Opus means work. When you see for example a title like Beethoven's "Symphony No.5 Opus 67" it means that it's his fifth symphony and his 67th work in total.


----------



## jhar26

Taksu7 said:


> 3. 62/1 - what does this mean? I know it means Opus 62, number 1, but "number one" what exactly? The first nocturne he wrote during that particular Opus? And if so, why do we need to call it "Nocturne #17" in addition to calling it "number one"


I suppose because he wrote 16 other nocturnes before he got to Opus 62. But you have to keep in mind that opus numbers are not always 100% accurate - they are in most cases only approximately right. When different works are part of the same opus they are usually ordered in the way that the composer prefers.


----------



## Weston

To help clarify this a little - an Opus might be a set of Nocturnes, or whatever, all published at the same time. They would have been bought as a set.

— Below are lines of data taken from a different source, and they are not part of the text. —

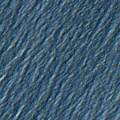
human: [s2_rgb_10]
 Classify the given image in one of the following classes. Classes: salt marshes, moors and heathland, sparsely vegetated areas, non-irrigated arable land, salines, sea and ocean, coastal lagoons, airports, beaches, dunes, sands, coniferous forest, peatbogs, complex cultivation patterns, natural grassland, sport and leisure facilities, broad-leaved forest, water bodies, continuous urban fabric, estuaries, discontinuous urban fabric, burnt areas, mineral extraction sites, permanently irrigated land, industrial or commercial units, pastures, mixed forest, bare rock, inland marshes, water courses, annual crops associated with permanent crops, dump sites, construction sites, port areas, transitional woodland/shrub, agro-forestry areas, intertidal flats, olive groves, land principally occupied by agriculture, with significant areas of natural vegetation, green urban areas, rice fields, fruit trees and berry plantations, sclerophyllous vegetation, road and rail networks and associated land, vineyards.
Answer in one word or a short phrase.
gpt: sea and ocean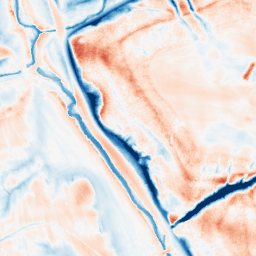
Category: trend_removal
Decomposition family: local_polynomial
Decomposition parameters: window_size: 31
degree: 2
Upsampling method: regularized
Upsampling parameters: scale: 2
lambda_reg: 0.01
Upsampling scale: 2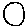
Label: circle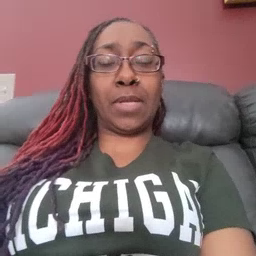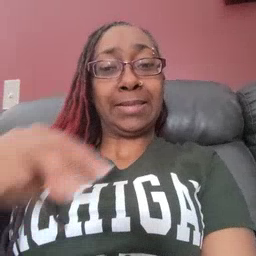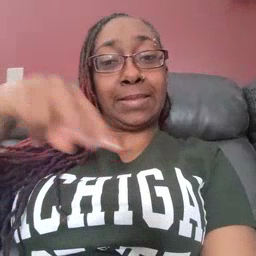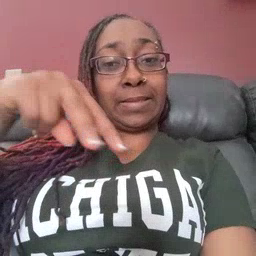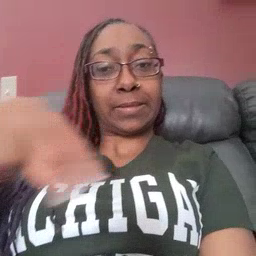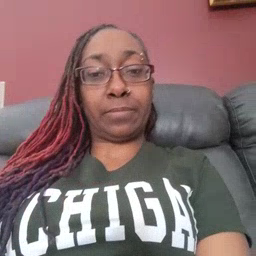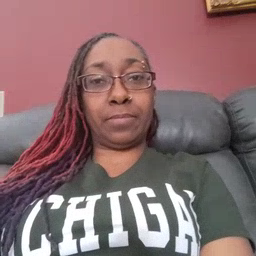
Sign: dance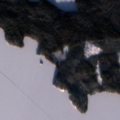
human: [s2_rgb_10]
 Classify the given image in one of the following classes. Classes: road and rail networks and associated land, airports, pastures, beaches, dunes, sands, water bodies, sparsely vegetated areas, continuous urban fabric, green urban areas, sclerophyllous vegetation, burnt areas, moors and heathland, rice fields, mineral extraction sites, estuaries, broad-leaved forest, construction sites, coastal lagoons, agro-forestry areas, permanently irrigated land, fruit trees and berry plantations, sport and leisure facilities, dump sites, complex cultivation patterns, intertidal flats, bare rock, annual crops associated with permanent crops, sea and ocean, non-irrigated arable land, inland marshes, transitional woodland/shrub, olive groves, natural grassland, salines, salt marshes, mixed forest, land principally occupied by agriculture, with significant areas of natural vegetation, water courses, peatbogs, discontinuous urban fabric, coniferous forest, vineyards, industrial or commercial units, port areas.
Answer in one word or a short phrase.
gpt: coniferous forest, water bodies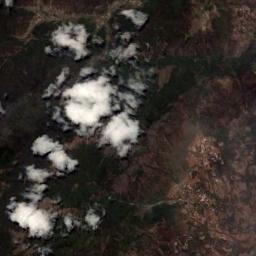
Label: cloud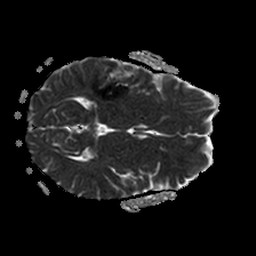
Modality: ADC
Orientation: axial
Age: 53
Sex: male
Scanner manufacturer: philips
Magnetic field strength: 1.5 T
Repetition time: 3.389 s
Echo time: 0.06899 s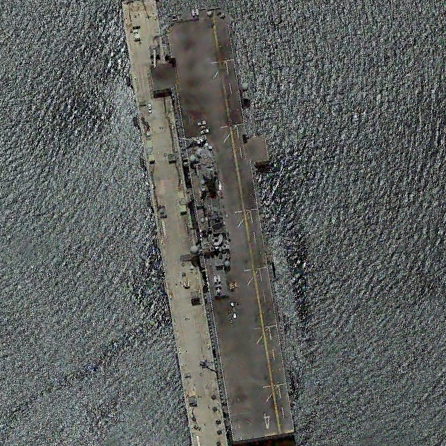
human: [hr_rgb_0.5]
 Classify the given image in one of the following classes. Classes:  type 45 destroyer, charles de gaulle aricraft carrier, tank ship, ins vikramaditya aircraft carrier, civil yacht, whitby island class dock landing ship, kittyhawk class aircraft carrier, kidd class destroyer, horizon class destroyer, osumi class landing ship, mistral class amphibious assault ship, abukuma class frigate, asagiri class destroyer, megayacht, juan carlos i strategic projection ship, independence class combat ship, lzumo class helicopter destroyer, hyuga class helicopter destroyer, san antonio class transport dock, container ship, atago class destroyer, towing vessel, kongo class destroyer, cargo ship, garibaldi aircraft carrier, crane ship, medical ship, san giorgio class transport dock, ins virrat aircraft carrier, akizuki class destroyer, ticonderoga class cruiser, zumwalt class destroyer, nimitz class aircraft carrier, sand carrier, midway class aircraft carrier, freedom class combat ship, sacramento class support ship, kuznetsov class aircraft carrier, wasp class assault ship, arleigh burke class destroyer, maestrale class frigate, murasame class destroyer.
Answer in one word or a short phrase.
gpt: Wasp class assault ship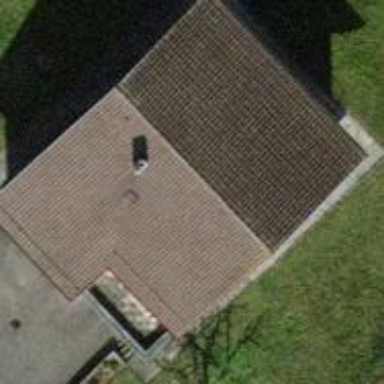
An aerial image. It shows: Detached building with gabled roof.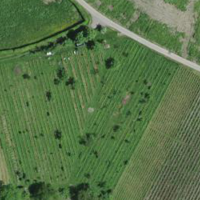
EUNIS habitat code: 40
Species observed at this site:
Clinopodium vulgare
Cornus sanguinea
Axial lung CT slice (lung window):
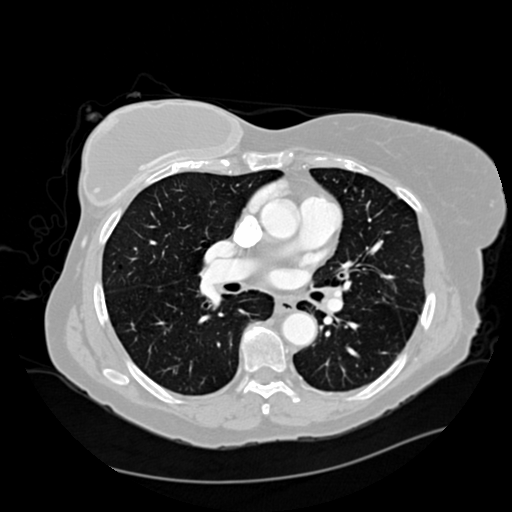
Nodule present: no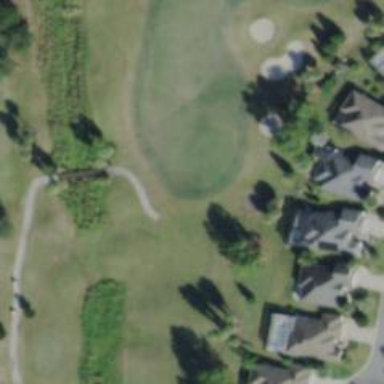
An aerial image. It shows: Path designated for golf carts.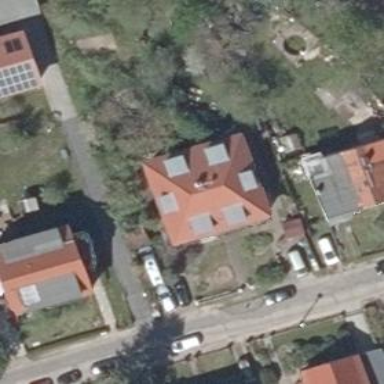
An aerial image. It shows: Detached building.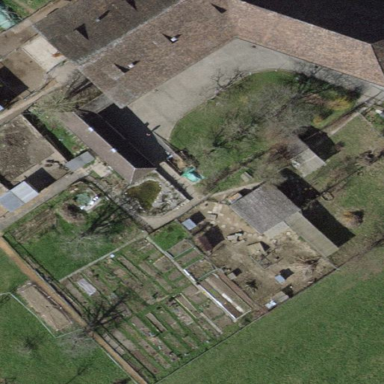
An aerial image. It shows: Farmyard area.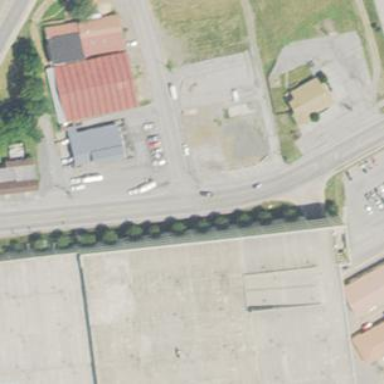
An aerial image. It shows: Multi-storey parking building with paved surface.

So Beethoven's Opus 1 is a published set of three piano trios:
http://en.wikipedia.org/wiki/Piano_Trios_Nos._1-3_(Beethoven)

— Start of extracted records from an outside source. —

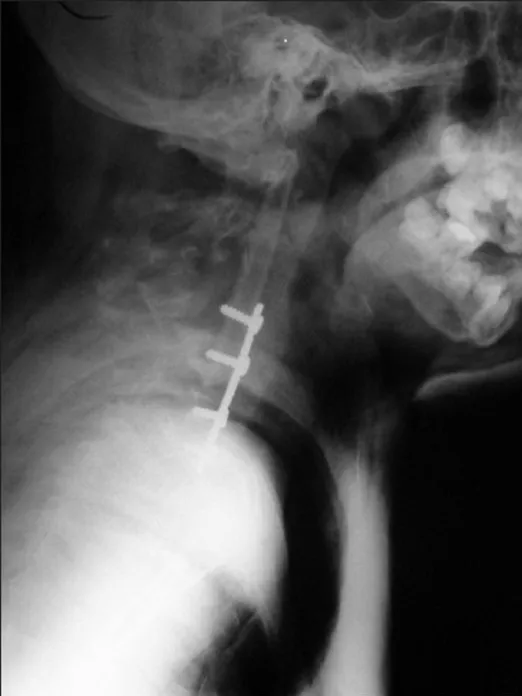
After surgery, the cast was maintained for 4 months. The radiograph show the evidence of bony healing.
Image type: radiology (x_ray)
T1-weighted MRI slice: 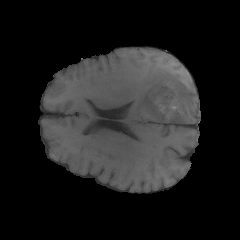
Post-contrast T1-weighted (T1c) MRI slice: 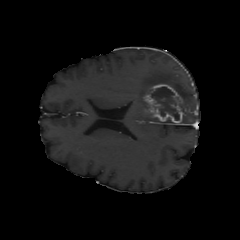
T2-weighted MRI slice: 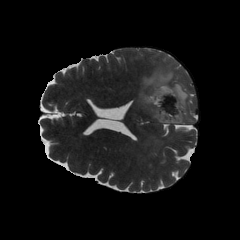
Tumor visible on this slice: yes
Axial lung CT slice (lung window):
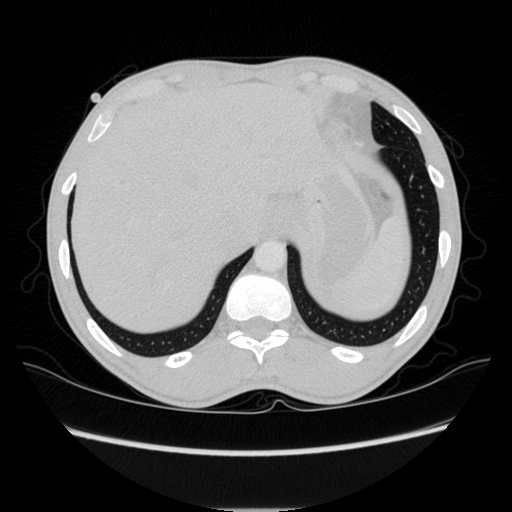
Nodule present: no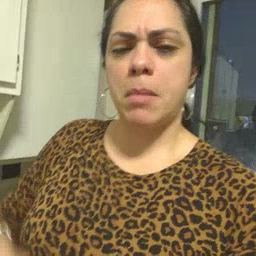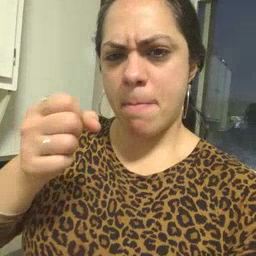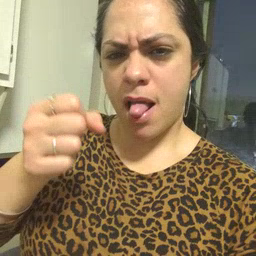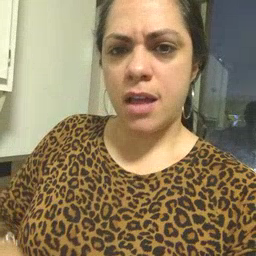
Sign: milk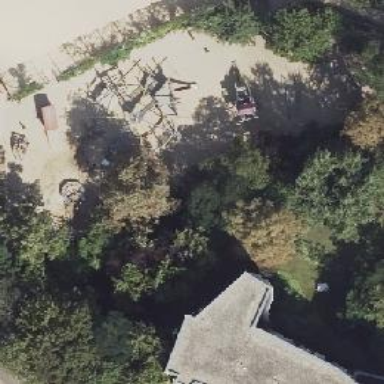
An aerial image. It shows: Playground with sandy surface.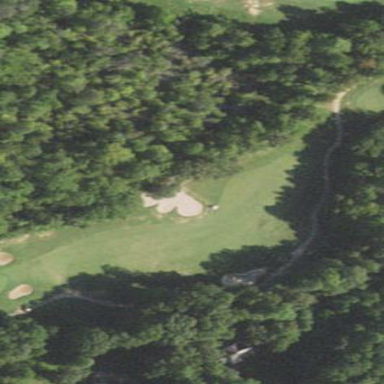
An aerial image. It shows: Grassy area designated as golf fairway.

Presumably those were his first published works, though I believe he had some WoO (Works without Opus numbers) appear in journals before the trios.

Another group of numbers you will stumble on are catalog numbers compiled by music historians or scholars. They will either be based on the scholar's name or the composer's. For example:

K. = the Köchel catalog of W. A. Mozart works - or,
K. = the Kirkpatrick catalog of Domenico Scarlatti works
D. = the Deutsch catalog of Franz Schubert works
BWV = Bach-Werke-Verzeichnis (Bach Works Catalogue) = S. = Schmieder listing of J. S. Bach works.
Hob. = the Hoboken-Verzeichnis listing of Franz Joseph Haydn works.
etc.

Some of these catalogs are arranged roughly chronologically and some are arranged by genre. I find the complexity fascinating, but I admit it does make it awfully hard to remember the "name" of a piece.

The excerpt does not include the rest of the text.